In response to #Zach's request for a reproducible example, I (the OP) edit my original post as follows:
Edit: Reproducible Example
# Practice Data
library("mlr")
library("ROCR")
library(mlbench)
data(BreastCancer)
dim(BreastCancer)
levels(BreastCancer$Class)
head(BreastCancer)
BreastCancer <- BreastCancer[, -c(1, 6, 7)]
BreastCancer$Cl.thickness <- as.factor(unclass(BreastCancer$Cl.thickness))
BreastCancer$Cell.size <- as.factor(unclass(BreastCancer$Cell.size))
BreastCancer$Cell.shape <- as.factor(unclass(BreastCancer$Cell.shape))
BreastCancer$Marg.adhesion <- as.factor(unclass(BreastCancer$Marg.adhesion))
head(BreastCancer)
# Define Nested Cross-Validation Strategy
cv.inner <- makeResampleDesc("CV", iters = 2, stratify = TRUE)
cv.outer <- makeResampleDesc("CV", iters = 6, stratify = TRUE)
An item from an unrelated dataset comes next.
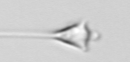
Label: Asterionellopsis_glacialis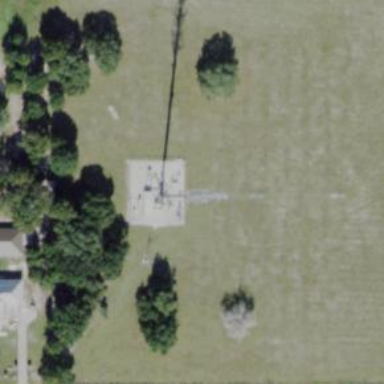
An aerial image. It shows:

# Define Performance Measures
perf.measures <- list(auc, mmce)
# Create Task
bc.task <- makeClassifTask(id = "bc",
data = BreastCancer,
target = "Class",
positive = "malignant")
# Create Tuned KSVM Learner
ksvm <- makeLearner("classif.ksvm",
predict.type = "prob")
ksvm.ps <- makeParamSet(makeDiscreteParam("C", values = 2^(-2:2)),
makeDiscreteParam("sigma", values = 2^(-2:2)))
ksvm.ctrl <- makeTuneControlGrid()
ksvm.lrn = makeTuneWrapper(ksvm,
resampling = cv.inner,
measures = perf.measures,
par.set = ksvm.ps,
control = ksvm.ctrl,
show.info = FALSE)
# Create Tuned Random Forest Learner
rf <- makeLearner("classif.randomForest",
predict.type = "prob",
fix.factors.prediction = TRUE)
rf.ps <- makeParamSet(makeDiscreteParam("mtry", values = c(2, 3, 5)))
rf.ctrl <- makeTuneControlGrid()
rf.lrn = makeTuneWrapper(rf,
resampling = cv.inner,
measures = perf.measures,
par.set = rf.ps,
control = rf.ctrl,
show.info = FALSE)
# Run Cross-Validation Experiments
bc.lrns = list(ksvm.lrn, rf.lrn)
bc.bmr <- benchmark(learners = bc.lrns,
tasks = bc.task,
resampling = cv.outer,
measures = perf.measures,
show.info = FALSE)
# Calibration Charts
bc.cal <- generateCalibrationData(bc.bmr)
plotCalibration(bc.cal)
Produces the following:
Aggregared Calibration Plot
Attempting to un-aggregate leads to:
> bc.cal <- generateCalibrationData(bc.bmr, aggregate = FALSE)
Error in generateCalibrationData(bc.bmr, aggregate = FALSE) :
unused argument (aggregate = FALSE)
>
> sessionInfo()
R version 3.2.3 (2015-12-10)
attached base packages:
[1] stats graphics grDevices utils datasets methods base
other attached packages:
[1] mlbench_2.1-1 ROCR_1.0-7 gplots_3.0.1 mlr_2.9
[5] stringi_1.1.1 ParamHelpers_1.10 ggplot2_2.1.0 BBmisc_1.10
loaded via a namespace (and not attached):
[1] digest_0.6.9 htmltools_0.3.5 R6_2.2.0 splines_3.2.3
[5] scales_0.4.0 assertthat_0.1 grid_3.2.3 stringr_1.0.0
[9] bitops_1.0-6 checkmate_1.8.2 gdata_2.17.0 survival_2.38-3
[13] munsell_0.4.3 tibble_1.2 randomForest_4.6-12 httpuv_1.3.3
[17] parallelMap_1.3 mime_0.5 DBI_0.5-1 labeling_0.3
[21] chron_2.3-47 shiny_1.0.0 KernSmooth_2.23-15 plyr_1.8.4
[25] data.table_1.9.6 magrittr_1.5 reshape2_1.4.1 kernlab_0.9-25
[29] ggvis_0.4.3 caTools_1.17.1 gtable_0.2.0 colorspace_1.2-6
[33] tools_3.2.3 parallel_3.2.3 dplyr_0.5.0 xtable_1.8-2
[37] gtools_3.5.0 backports_1.0.4 Rcpp_0.12.4
no plotCalibration doesn't do any averaging, though it can plot a smooth.
if you call generateCalibrationData on a benchmark result object it will treat each iteration of your resampled predictions as exchangeable and compute the calibration across all resampled predictions for that bin.
yes it probably would make sense to have an option to generate an unaggregated calibration data object and be able to plot it. you are welcome to open an issue on GitHub to that effect, but this is going to be low on my priority list TBH.